Примерно за год до описываемых событий, как раз тогда, когда ждали важных передвижений войск, Бёрча видели у штаб-квартиры американского главнокомандующего. Как только об этом доложили офицеру, которому была доверена охрана дорог, ведущих к американскому лагерю, он тотчас послал вдогонку за разносчиком капитана Лоутона.

Знакомый со всеми горными переходами, неутомимый при исполнении своих обязанностей, капитан ценою огромных усилий и трудов выполнил возложенную на него задачу. С небольшим отрядом он остановился передохнуть на одной ферме, собственноручно запер пленника в отдельной комнате и оставил под охраной двух солдат, как уже было сказано выше.
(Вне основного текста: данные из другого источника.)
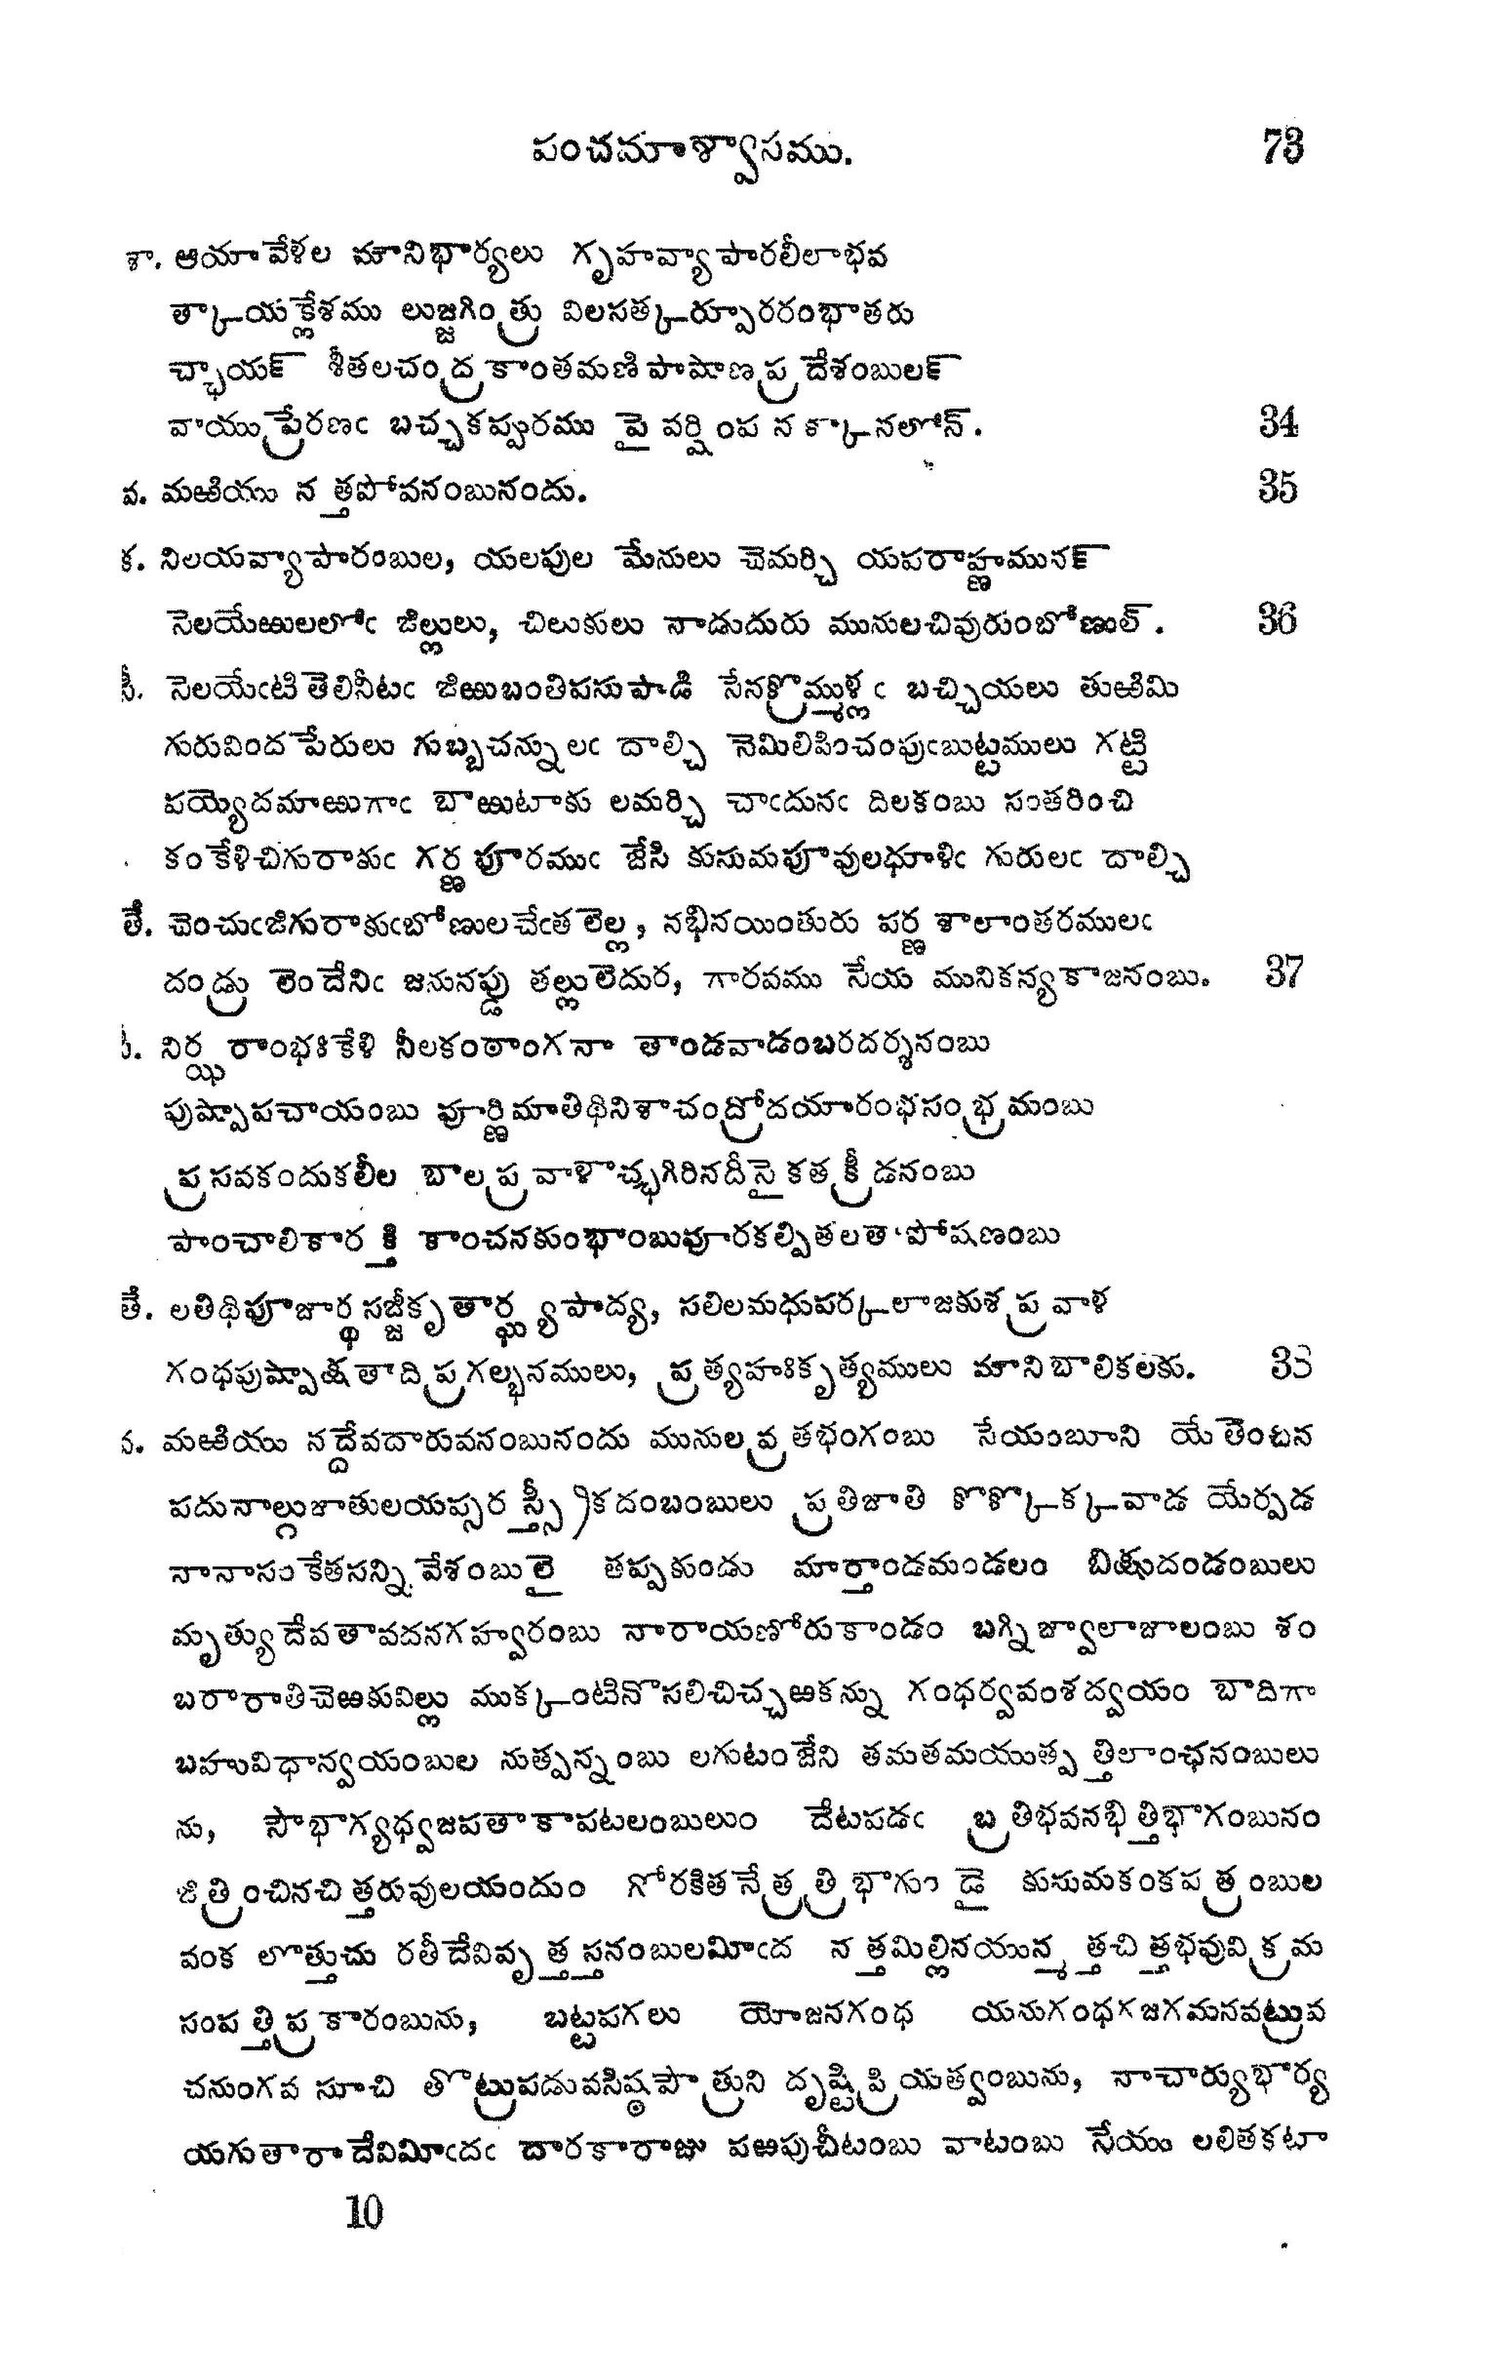శా. ఆయావేళల మౌనిభార్యలు గృహవ్యాపారలీలాభవ
త్కాయక్లేశము లుజ్జగింత్రు విలసత్కర్పూరరంభాతరు
చ్ఛాయన్ శీతలచంద్రకాంతమణిపాషాణప్రదేశంబులన్
వాయుప్రేరణఁ బచ్చకప్పురముపై వర్షింప నక్కానలోన్. 34

వ. మఱియు నత్తపోవనంబునందు. 35

క. నిలయవ్యాపారంబుల, యలపుల మేనులు చెమర్చి యపరాహ్ణమునన్
సెలయేఱులలోఁ జిల్లులు, చిలుకులు నాడుదురు మునులచివురుంబోణుల్. 36

సీ. సెలయేఁటితెలినీటఁ జిఱుబంతిపసుపాడి సేనక్రొమ్ముళ్లఁ బచ్చియలు తుఱిమి
గురువిందపేరులు గుబ్బచన్నులఁ దాల్చి నెమిలిపించంపుఁబుట్టములు గట్టి
పయ్యెదమాఱుగాఁ బాఱుటాకు లమర్చి చాదునఁ దిలకంబు సంతరించి
కంకేళిచిగురాకుఁ గర్లపూరముఁ జేసి కుసుమపూవులధూళిఁ గురులఁ దాల్చి
తే. చెంచుఁజిగురాకుఁబోణులచేత లెల్ల , నభినయింతురు పర్లశాలాంతరములఁ
దండ్రు లెందేనిఁ జనునప్డు తల్లులెదుర, గారవము సేయ మునికన్యకాజనంబు. 37

సీ. నిర్ఝరాంభఃకేళి నీలకంఠాంగనా తాండవాడంబరదర్శనంబు
పుష్పాపచాయంబు పూర్ణిమాతిథినిశాచంద్రోదయారంభసంభ్రమంబు
ప్రసవకందుకలీల బాలప్రవాళాచ్ఛగిరినదీసైకతక్రీడనంబు
పాంచాలికారక్తి కాంచనకుంభాంబుపూరకల్పితలతాపోషణంబు
తే. లతిథిపూజార్థసజ్జీకృతార్ఘ్యపాద్య, సలిలమధుపర్కలాజకుశప్రవాళ
గంధపుష్పాక్షతాదిప్రగల్భనములు, ప్రత్యహఃకృత్యములు మౌనిబాలికలకు. 33

వ. మఱియు నద్దేవదారువనంబునందు మునులవ్రతభంగంబు సేయంబూని యేతెంచిన పదునాల్గుజాతులయప్సరస్స్త్రీకదంబంబులు ప్రతిజాతి కొక్కొక్కవాడ యేర్పడ నానాసంకేశసన్నివేశంబులై తప్పకుండు మార్తాండమండలం బిక్షుదండంబులు మృత్యుదేవతావదనగహ్వరంబు నారాయణోరుకాండం బగ్నిజ్వాలాజాలంబు శంబరారాతిచెఱకువిల్లు ముక్కంటినొసలిచిచ్చఱకన్ను గంధర్వవంశద్వయం బాదిగా బహువిధాన్వయంబుల నుత్పన్నంబు లగుటం జేసి తమతమయుత్పత్తిలాంఛనంబులును, సౌభాగ్యధ్వజపతాకాపటలంబులుం దేటపడఁ బ్రతిభవనభిత్తిభాగంబునం జిత్రించిన చిత్తరువులయందుం గోరకితనేత్రత్రిభాగుండై కుసుమకంకపత్రంబుల వంక లొత్తుచు రతీదేవివృత్తస్తనంబులమీఁద నత్తమిల్లినయున్మత్తచిత్తభవువిక్రమసంపత్తిప్రకారంబును, బట్టపగలు యోజనగంధ యనుగంధగజగమనవట్రువచనుంగవ సూచి తొట్రుపడు వసిష్ఠపౌత్రుని దృష్టిప్రియత్వంబును, నాచార్యుభార్య యగుతారాదేవిమీఁదఁ దారకారాజు పఱపుచీటంబు వాటంబు సేయు లలితకటా

Потом припоминали, что недалеко от караульных какая-то женщина усердно хлопотала по хозяйству; особенно старалась она угодить капитану, когда тот с присущей ему основательностью уселся ужинать.

И женщина и разносчик исчезли; найти их не удалось. Обнаружили только короб, раскрытый и почти пустой, а маленькая дверца, ведущая в комнату, смежную с той, где заперли разносчика, была распахнута настежь.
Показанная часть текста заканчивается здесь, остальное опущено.